Таков был мир Илл'ы с самого рождения.

Храм. Застывшая каменная громадина в самом центре кипящей жизнью имперской столицы. Закрытый, тихий мирок, за порог которого ни разу не ступала Илл'ына нога.

Огромный белый свет простерся совсем близко, за высокой серой стеной, — и все же был он невозможно, недосягаемо далек. Там рождались и умирали, воевали и веселились, молились без веры и верили без всяких молитв… Там были повстанцы и уличные актеры, доблестные вояки и удачливые воры, скромные поселяне и пышные лорды, божественный Император и страшная Гильдия. Там было все — и Илл'а знала это "все" лишь по скупым чужим россказням.

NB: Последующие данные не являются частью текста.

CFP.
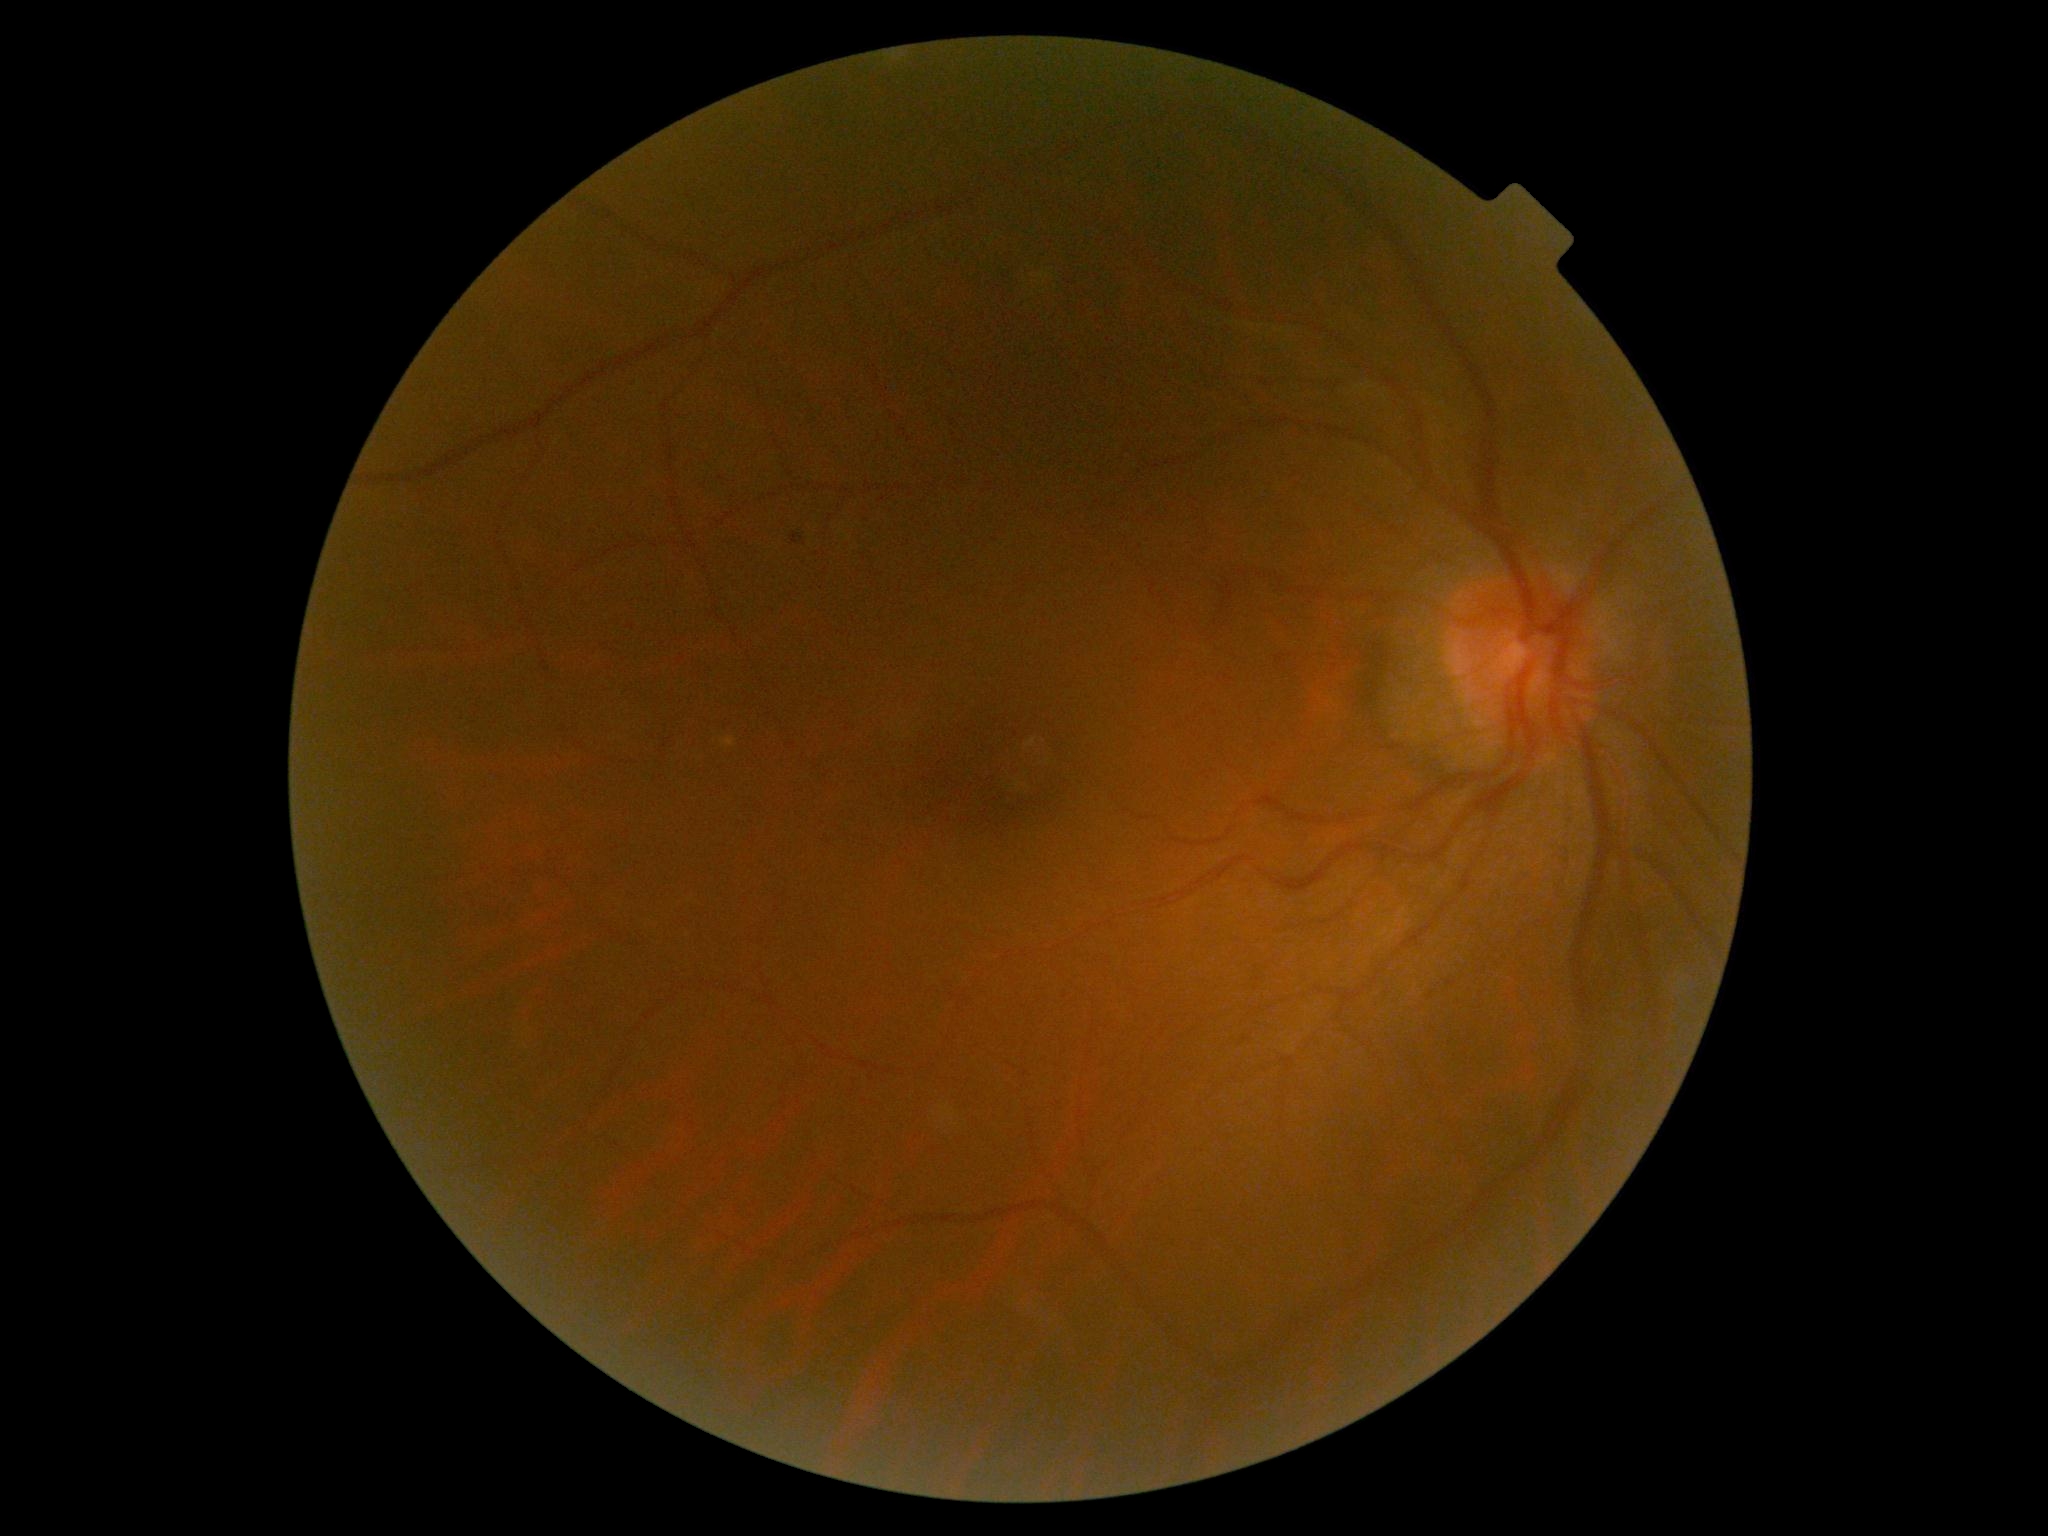

DR is moderate non-proliferative diabetic retinopathy (grade 2) — more than just microaneurysms but less than severe NPDR.

Здесь же — только каменные плиты (три в келье, десять в коридоре). Свечи и алтарь. Ее любимые травы. Больные, просящие исцеления. Печальные, молчаливые сестры…

А еще — Алим. Воспитатель и наставница. Тридцатидвухлетняя женщина с внешностью некрасивого подростка и жесткой волей, способной вызвать зависть искушенного полководца. Всегда строгая, но странно заботливая. Пугающая, но по-своему ласковая. Почти мать. Да что там — мать и есть! Другой-то Илл'а не знает!..

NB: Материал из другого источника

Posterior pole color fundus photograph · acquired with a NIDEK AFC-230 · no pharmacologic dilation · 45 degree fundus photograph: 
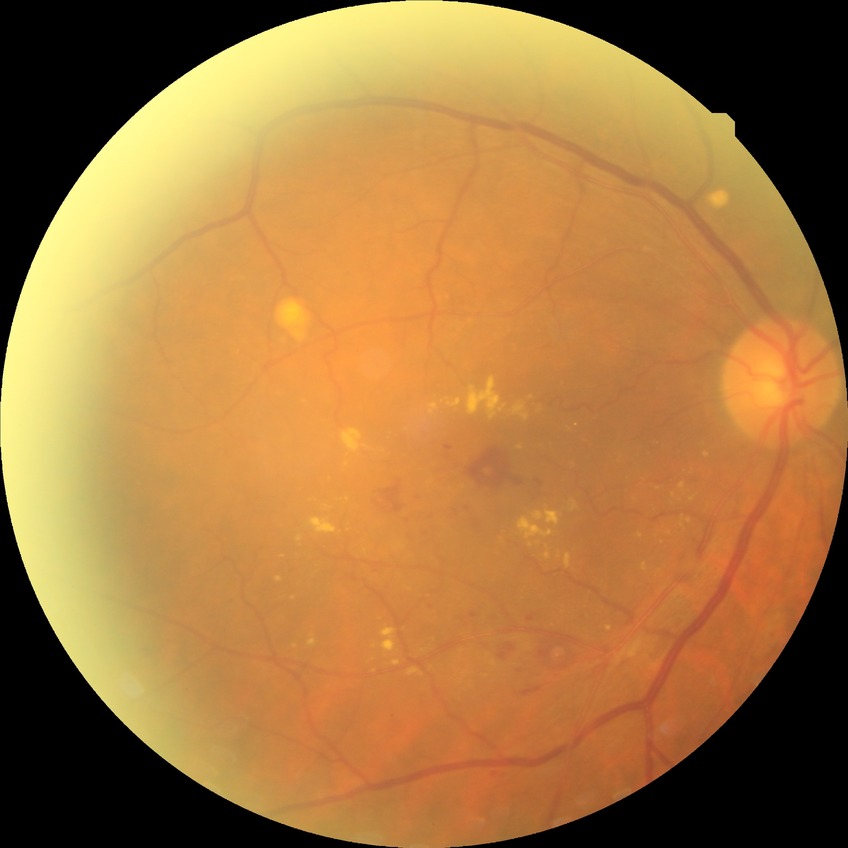 Diabetic retinopathy grade: simple diabetic retinopathy.

Вот и все, что она имела. Немного, в общем-то. Но вполне достаточно для жизни — спокойной и даже счастливой.

Размеренной.

Расписанной ритуалами — час за часом, день за днем, месяц за месяцем…

В свои шестнадцать Илл'а — послушница столичного Храма — знала все о лекарском деле, и почти ничего — о мире вокруг; все о восхвалении и служении, и ничего — о настоящей жизни. Ей, как и всякой, выросшей при храме, полагалось быть покорной, чистой и праведной. Заполненной лишь тем, что допустимо и должно, — а значит, почти пустой внутри…

И Илл'а была такой.

Ну, почти.

Вот уже пять лет у юной послушницы была тайна. Смущающий, непонятный, прекрасный и, кажется, совсем не добрый, бог повадился навещать ее сны.

День, когда пришел он впервые, помнила девушка урывками — зато так ярко и отчетливо, словно сами Светлые выжгли узор из этих кусочков перед ее глазами. Слякотная осень стояла тогда. Мелкий холодный дождик брызгал в открытое окно кельи, делая скользкими плиты пола. Покачивалась ставенка, печально поскрипывая и гремя сломанным накануне засовом. Мокрые, грязные пятнышки расплывались на выцветшем зеленом сукне храмового балахона, в который неохотно и не слишком умело тыкала иголкой одиннадцатилетняя Илл'а.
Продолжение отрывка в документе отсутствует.